What is needed:
Lines in the entries below where the word "style" shows up should each be copied.

Material for the task:
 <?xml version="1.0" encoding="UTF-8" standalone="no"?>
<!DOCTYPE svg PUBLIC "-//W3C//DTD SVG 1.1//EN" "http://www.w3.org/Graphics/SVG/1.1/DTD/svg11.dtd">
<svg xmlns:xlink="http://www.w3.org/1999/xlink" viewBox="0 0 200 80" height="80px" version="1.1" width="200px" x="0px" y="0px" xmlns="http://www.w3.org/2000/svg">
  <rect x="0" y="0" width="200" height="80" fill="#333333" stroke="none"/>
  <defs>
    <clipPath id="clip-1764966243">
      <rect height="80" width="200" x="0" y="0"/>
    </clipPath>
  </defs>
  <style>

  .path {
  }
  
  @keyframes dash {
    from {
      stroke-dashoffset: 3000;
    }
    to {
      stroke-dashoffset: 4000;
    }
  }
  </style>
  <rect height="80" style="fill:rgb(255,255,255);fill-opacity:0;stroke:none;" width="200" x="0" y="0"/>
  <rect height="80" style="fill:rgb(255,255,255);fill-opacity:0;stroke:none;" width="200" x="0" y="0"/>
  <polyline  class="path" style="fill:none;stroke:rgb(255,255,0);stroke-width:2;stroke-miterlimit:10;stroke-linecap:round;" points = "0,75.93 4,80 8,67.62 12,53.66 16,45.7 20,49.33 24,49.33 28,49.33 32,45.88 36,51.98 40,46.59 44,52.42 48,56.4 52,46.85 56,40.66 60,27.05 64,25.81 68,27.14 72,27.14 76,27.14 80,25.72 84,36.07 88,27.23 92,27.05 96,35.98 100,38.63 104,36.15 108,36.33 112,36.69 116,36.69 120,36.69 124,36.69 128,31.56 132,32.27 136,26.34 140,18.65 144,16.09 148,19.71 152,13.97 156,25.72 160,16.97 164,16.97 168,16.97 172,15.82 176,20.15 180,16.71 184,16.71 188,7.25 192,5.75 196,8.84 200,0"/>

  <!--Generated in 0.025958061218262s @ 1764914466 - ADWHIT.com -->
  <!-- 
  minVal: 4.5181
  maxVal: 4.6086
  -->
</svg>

Output below:
  <style>
  </style>
  <rect height="80" style="fill:rgb(255,255,255);fill-opacity:0;stroke:none;" width="200" x="0" y="0"/>
  <rect height="80" style="fill:rgb(255,255,255);fill-opacity:0;stroke:none;" width="200" x="0" y="0"/>
  <polyline  class="path" style="fill:none;stroke:rgb(255,255,0);stroke-width:2;stroke-miterlimit:10;stroke-linecap:round;" points = "0,75.93 4,80 8,67.62 12,53.66 16,45.7 20,49.33 24,49.33 28,49.33 32,45.88 36,51.98 40,46.59 44,52.42 48,56.4 52,46.85 56,40.66 60,27.05 64,25.81 68,27.14 72,27.14 76,27.14 80,25.72 84,36.07 88,27.23 92,27.05 96,35.98 100,38.63 104,36.15 108,36.33 112,36.69 116,36.69 120,36.69 124,36.69 128,31.56 132,32.27 136,26.34 140,18.65 144,16.09 148,19.71 152,13.97 156,25.72 160,16.97 164,16.97 168,16.97 172,15.82 176,20.15 180,16.71 184,16.71 188,7.25 192,5.75 196,8.84 200,0"/>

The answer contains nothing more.